- [The data]
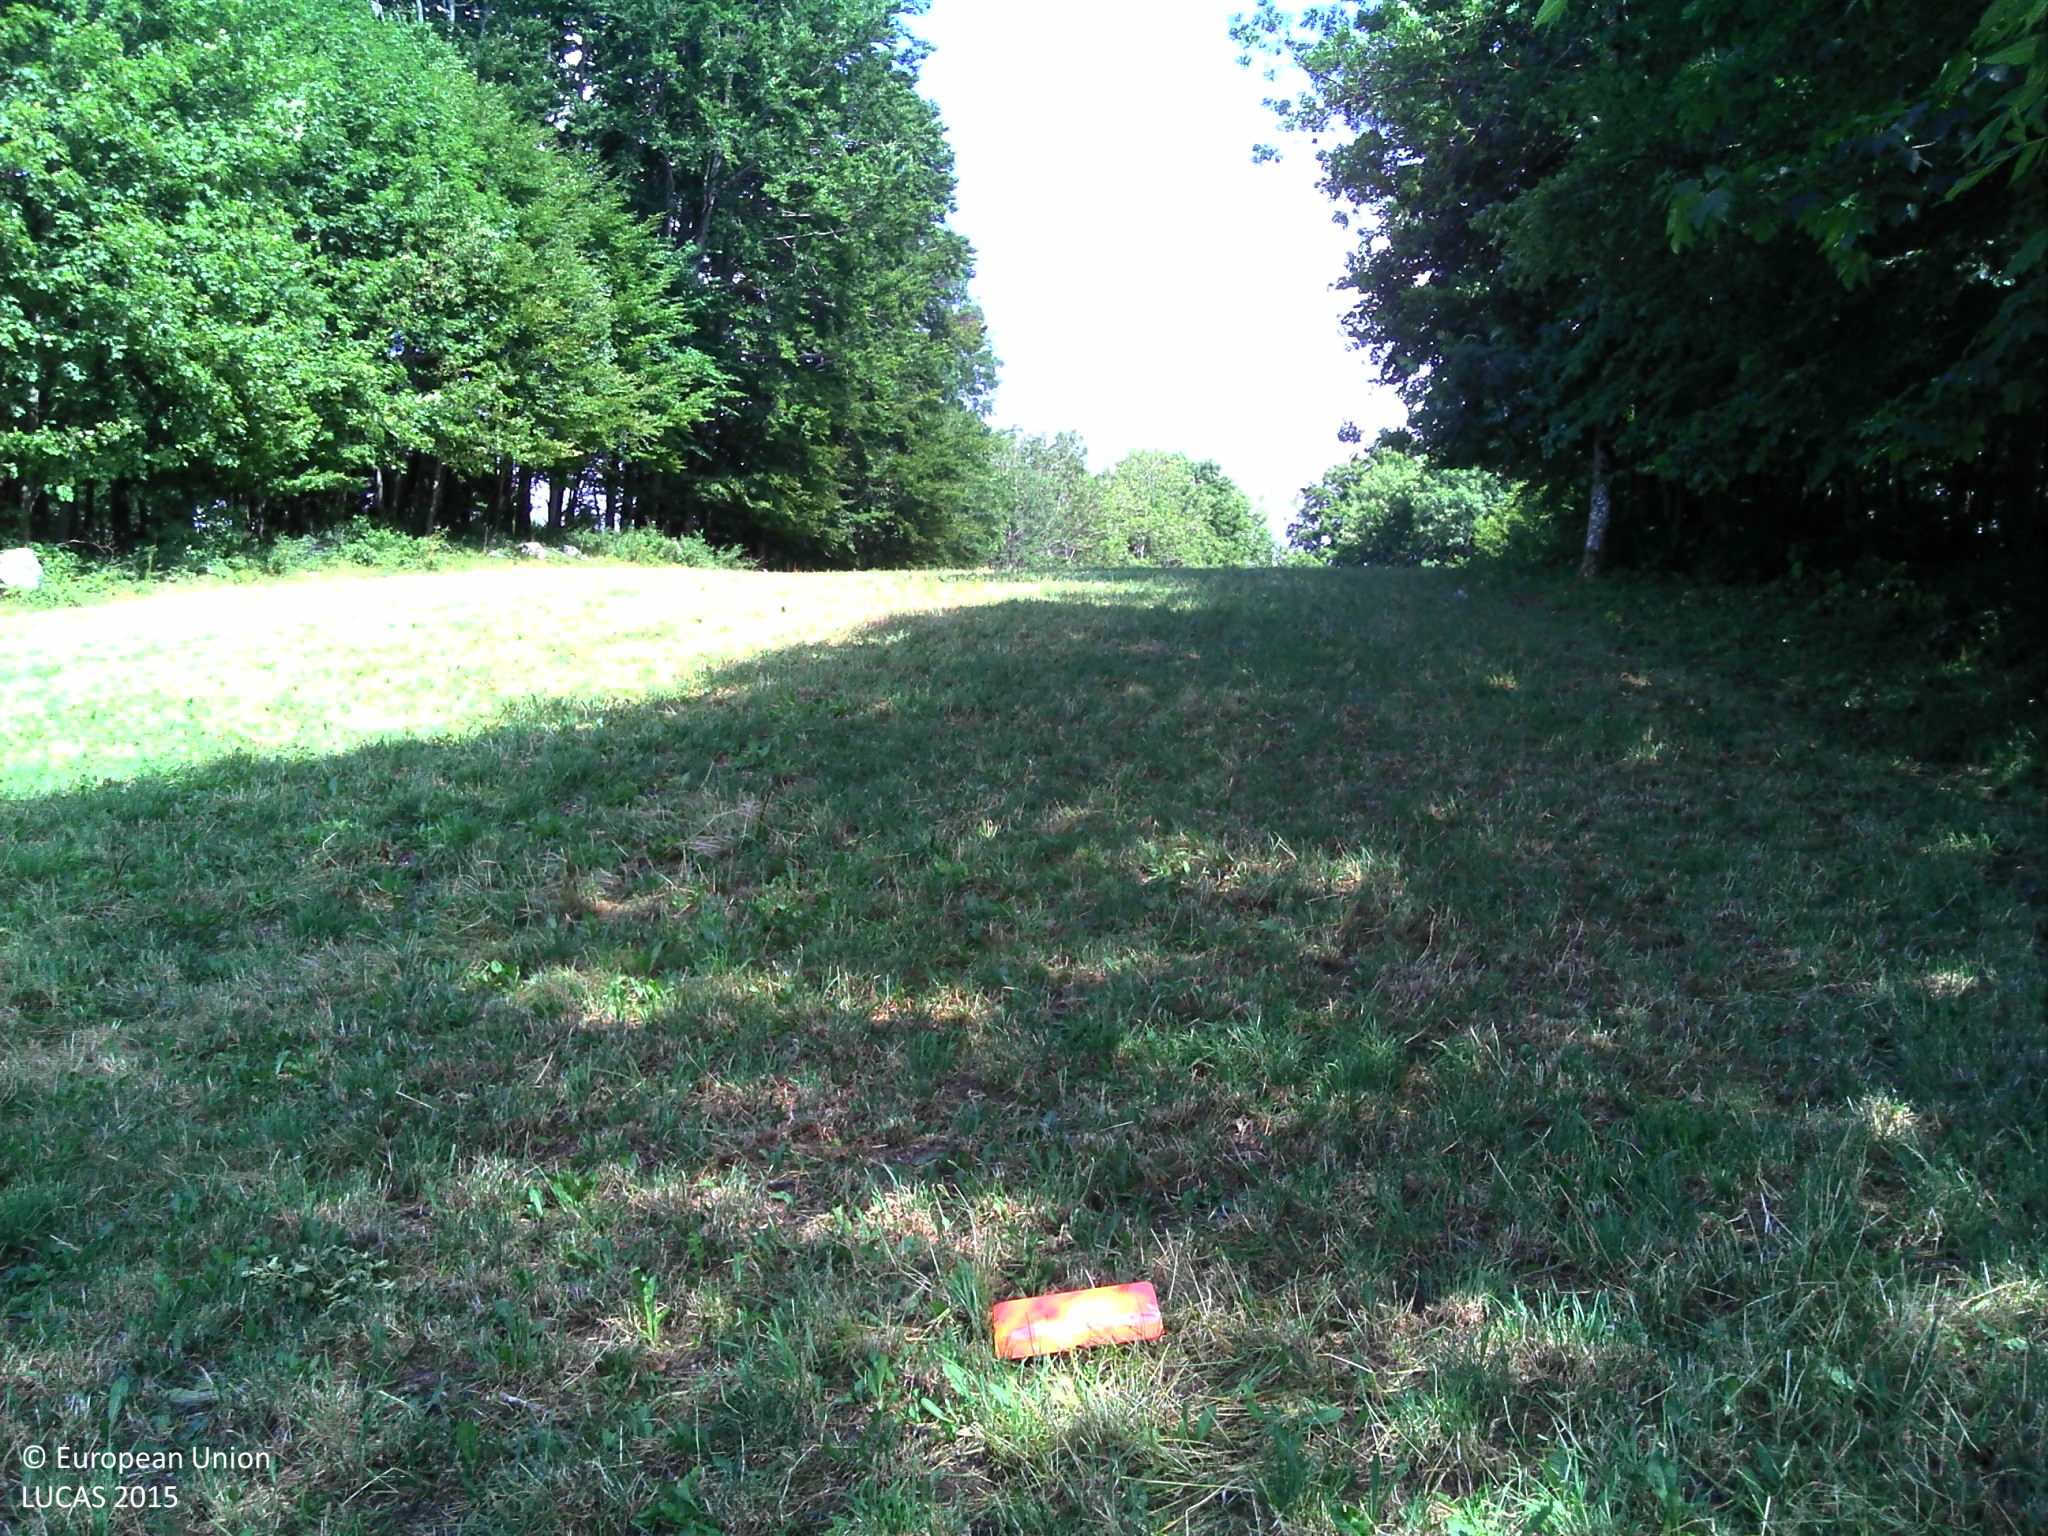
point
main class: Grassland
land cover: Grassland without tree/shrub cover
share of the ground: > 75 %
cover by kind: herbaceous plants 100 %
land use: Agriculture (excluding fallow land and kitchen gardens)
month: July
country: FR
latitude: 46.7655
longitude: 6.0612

--

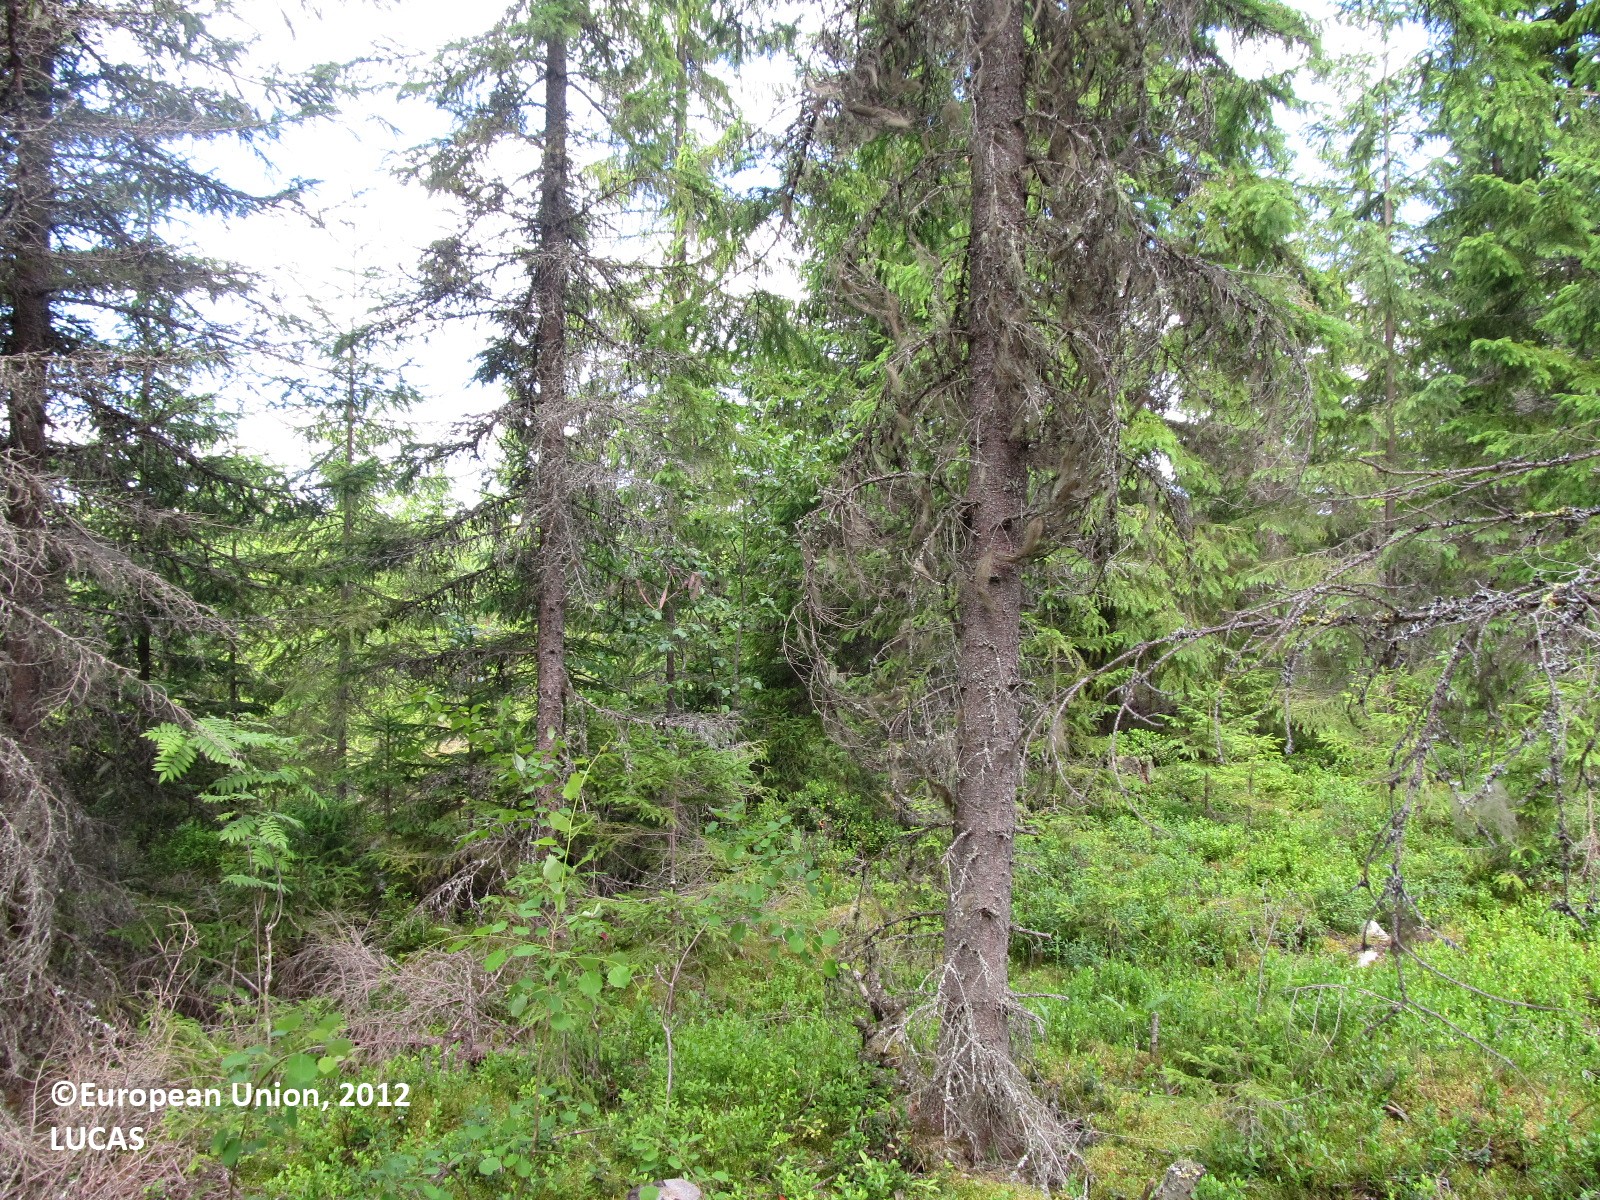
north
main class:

--

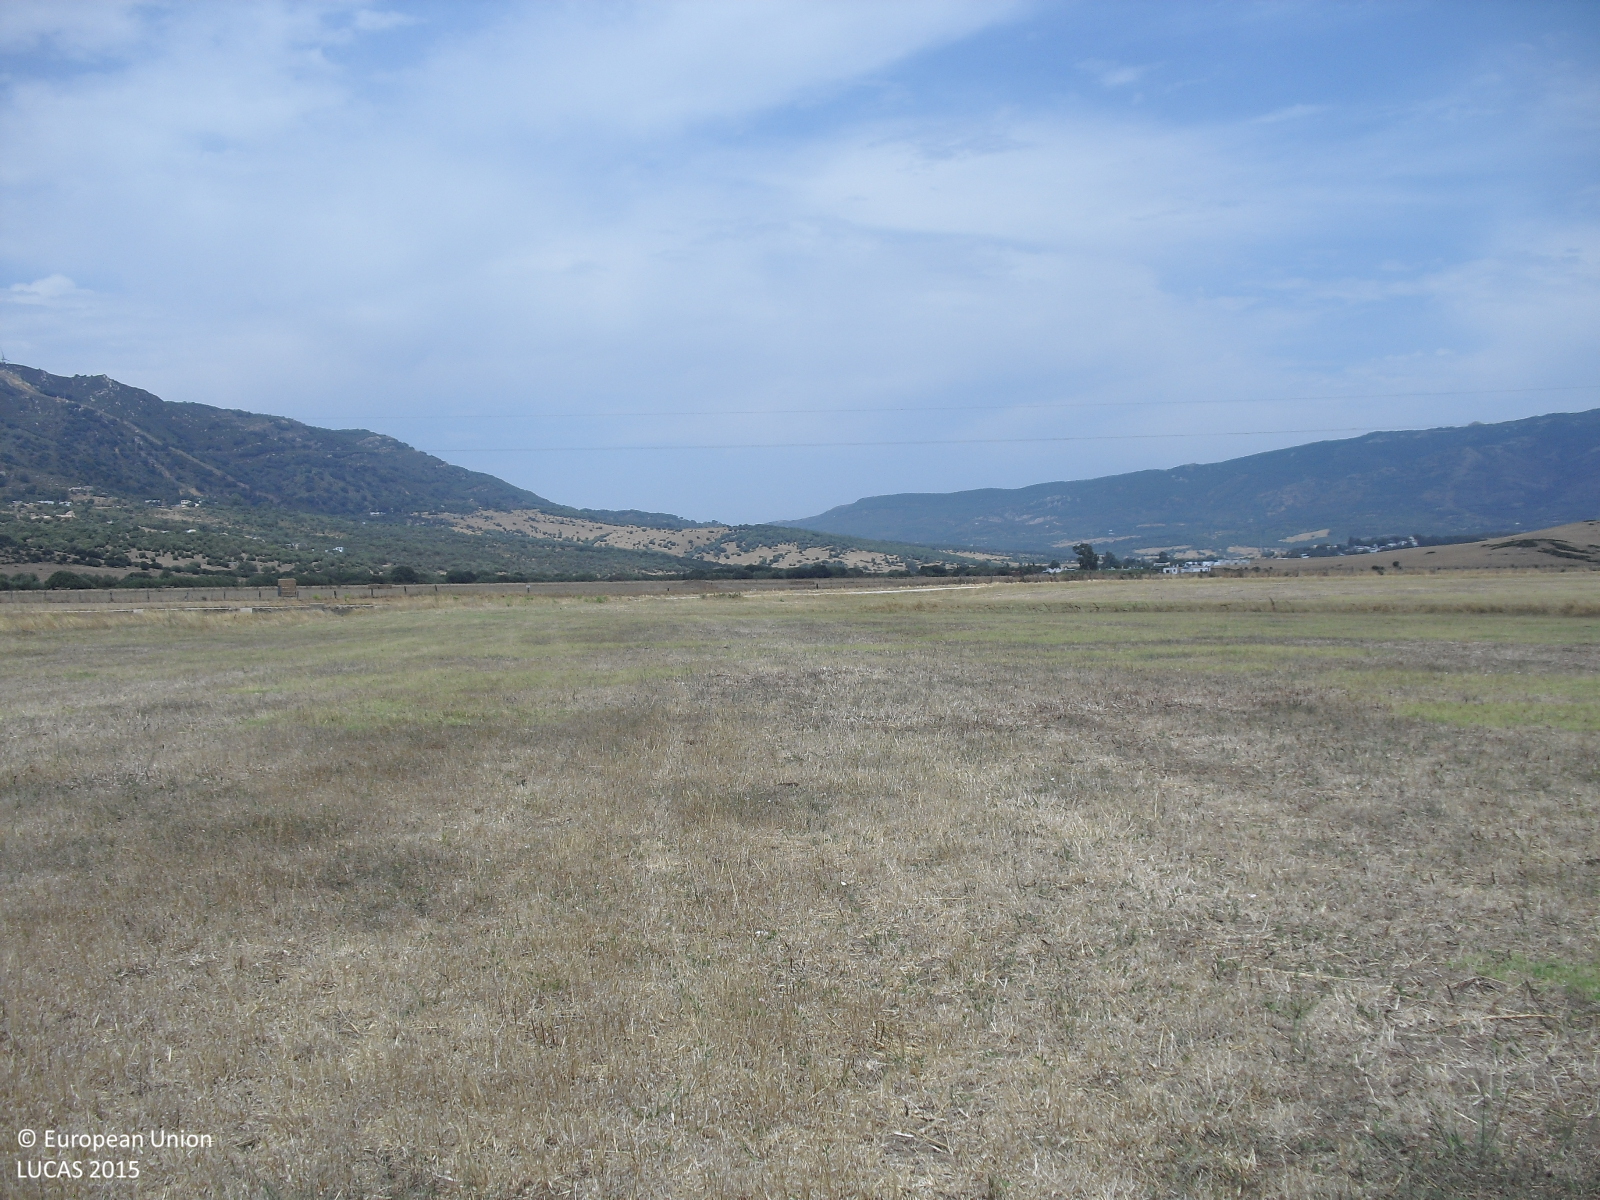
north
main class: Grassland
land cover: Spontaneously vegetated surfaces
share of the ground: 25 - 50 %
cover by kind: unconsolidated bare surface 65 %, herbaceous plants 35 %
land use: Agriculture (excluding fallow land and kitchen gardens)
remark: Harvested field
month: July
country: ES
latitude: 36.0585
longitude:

- [Exercise] Set out every line from the material that contains the string "ground".

- [Your response]
share of the ground: > 75 %
share of the ground: 25 - 50 %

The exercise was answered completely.